Now, if we want to compute the force exterted by gravity on a 5 kilogram
laptop computer, that's just the acceleration due to gravity (9.8
m/sec^{2}) times the mass of the laptop:

quantity<float,mass> m(5.0f); quantity<float,acceleration> a(9.8f); std::cout << "force = " << (m * a).value();

Our `operator*` multiplies the runtime values (resulting in
6.0f), and our metaprogram code uses `transform` to sum the
meta-sequences of fundamental dimension exponents, so that the
result type contains a representation of a new list of exponents,
something like:

mpl::vector_c<int,1,1,-2,0,0,0,0>

However, if we try to write:

quantity<float,force> f = m * a;

we'll run into a little problem. Although the result of
`m * a` does indeed represent a force with exponents of mass,
length, and time 1, 1, and -2 respectively, the type returned by
`transform` isn't a specialization of `vector_c`. Instead,
`transform` works generically on the elements of its inputs and
builds a new sequence with the appropriate elements: a type with
many of the same sequence properties as
`mpl::vector_c<int,1,1,-2,0,0,0,0>`, but with a different C++ type
altogether. If you want to see the type's full name, you can try
to compile the example yourself and look at the error message, but
the exact details aren't important. The point is that
`force` names a different type, so the assignment above will fail.
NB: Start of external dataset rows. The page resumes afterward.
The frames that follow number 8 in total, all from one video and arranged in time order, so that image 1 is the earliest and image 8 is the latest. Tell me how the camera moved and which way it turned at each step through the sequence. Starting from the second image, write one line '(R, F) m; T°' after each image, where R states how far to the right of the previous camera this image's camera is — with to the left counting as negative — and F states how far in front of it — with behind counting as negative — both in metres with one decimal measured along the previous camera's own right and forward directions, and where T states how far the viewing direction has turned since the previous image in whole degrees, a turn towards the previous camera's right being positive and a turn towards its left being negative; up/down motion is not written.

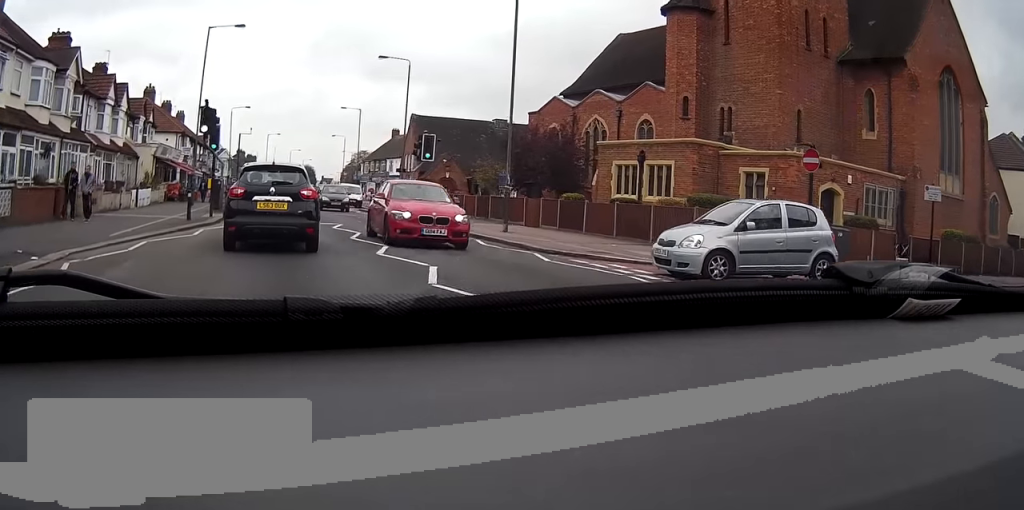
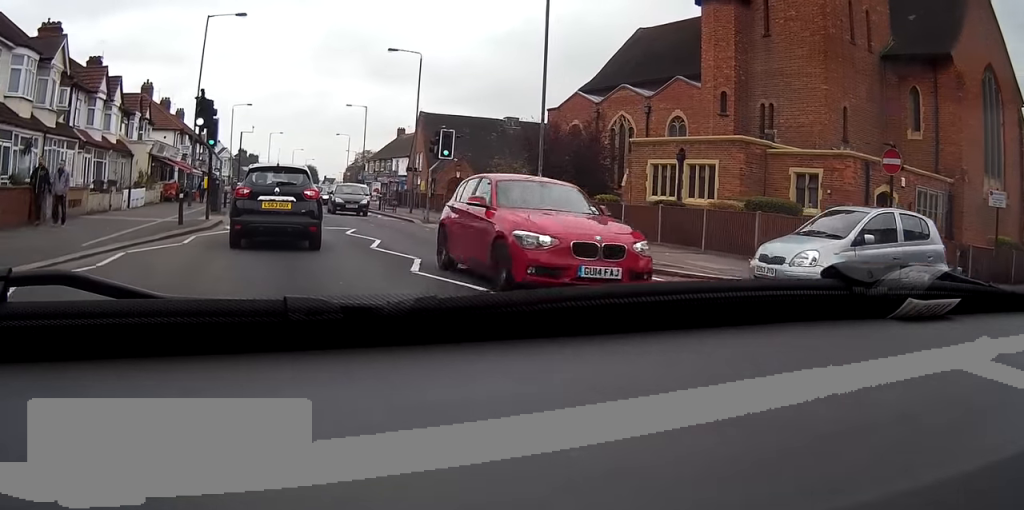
(0.0, +3.1) m; -1°
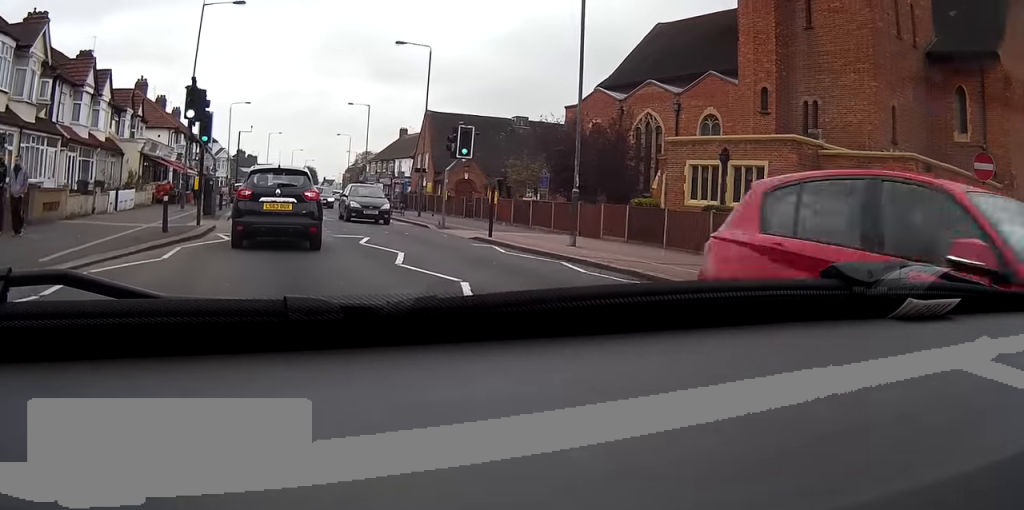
(0.0, +3.0) m; 0°
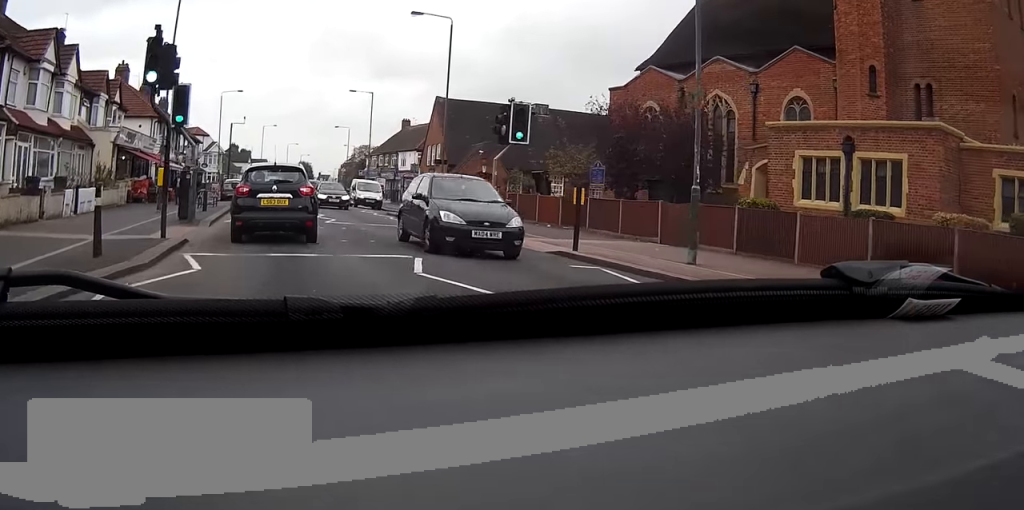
(0.0, +6.7) m; -1°
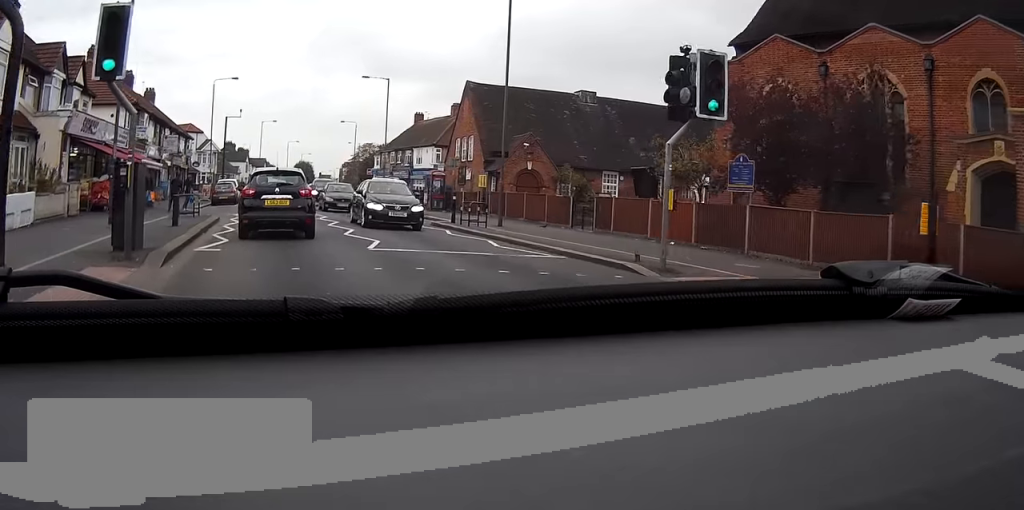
(-0.1, +9.9) m; -1°
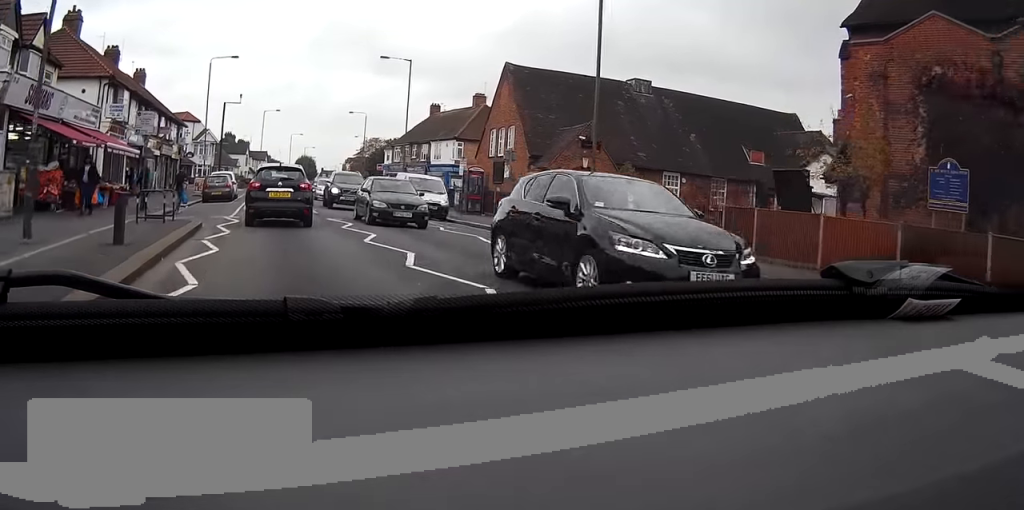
(0.0, +8.1) m; +1°
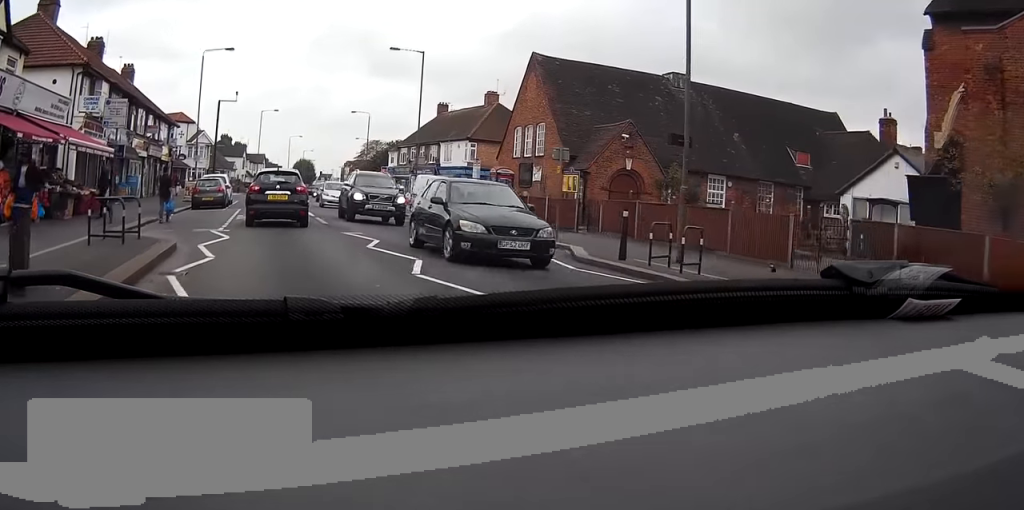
(0.0, +5.1) m; +1°
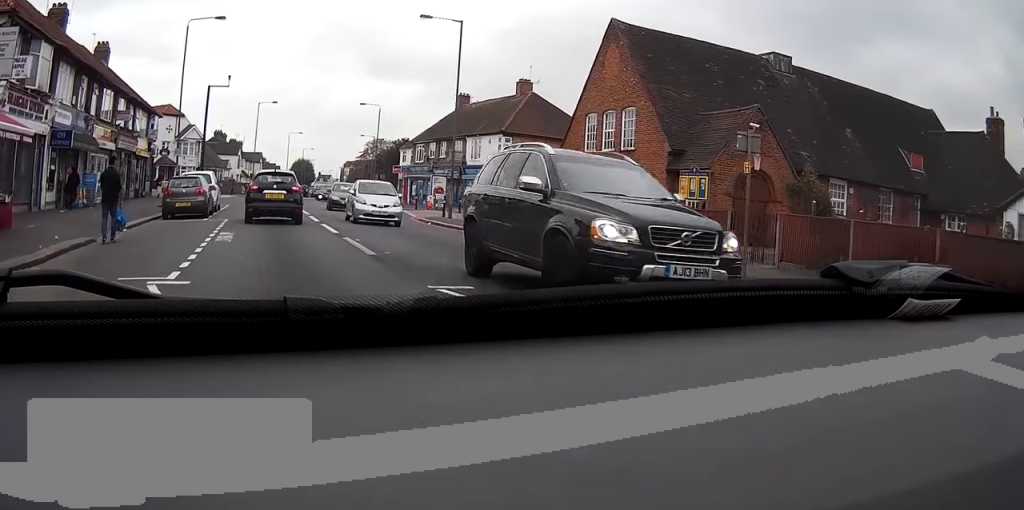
(0.0, +10.3) m; 0°

In order to resolve the problem, we can add an implicit conversion
from the multiplication's result type to `quantity<float,force>`.
Since we can't predict the exact types of the dimensions involved
in any computation, this conversion will have to be templated,
something like:

template <class T, class Dimensions> struct quantity { // converting constructor template <class OtherDimensions> quantity(quantity<T,OtherDimensions> const& rhs) : m_value(rhs.value()) { } ...

Unfortunately, such a general conversion undermines our whole purpose, allowing nonsense such as:

// Should yield a force, not a mass! quantity<float,mass> bogus = m * a;

We can correct that problem using another MPL algorithm,
`equal`, which tests that two sequences have the same elements:

template <class OtherDimensions> quantity(quantity<T,OtherDimensions> const& rhs) : m_value(rhs.value()) { BOOST_STATIC_ASSERT(( mpl::equal<Dimensions,OtherDimensions>::type::value )); }

Now, if the dimensions of the two quantities fail to match, the assertion will cause a compilation error.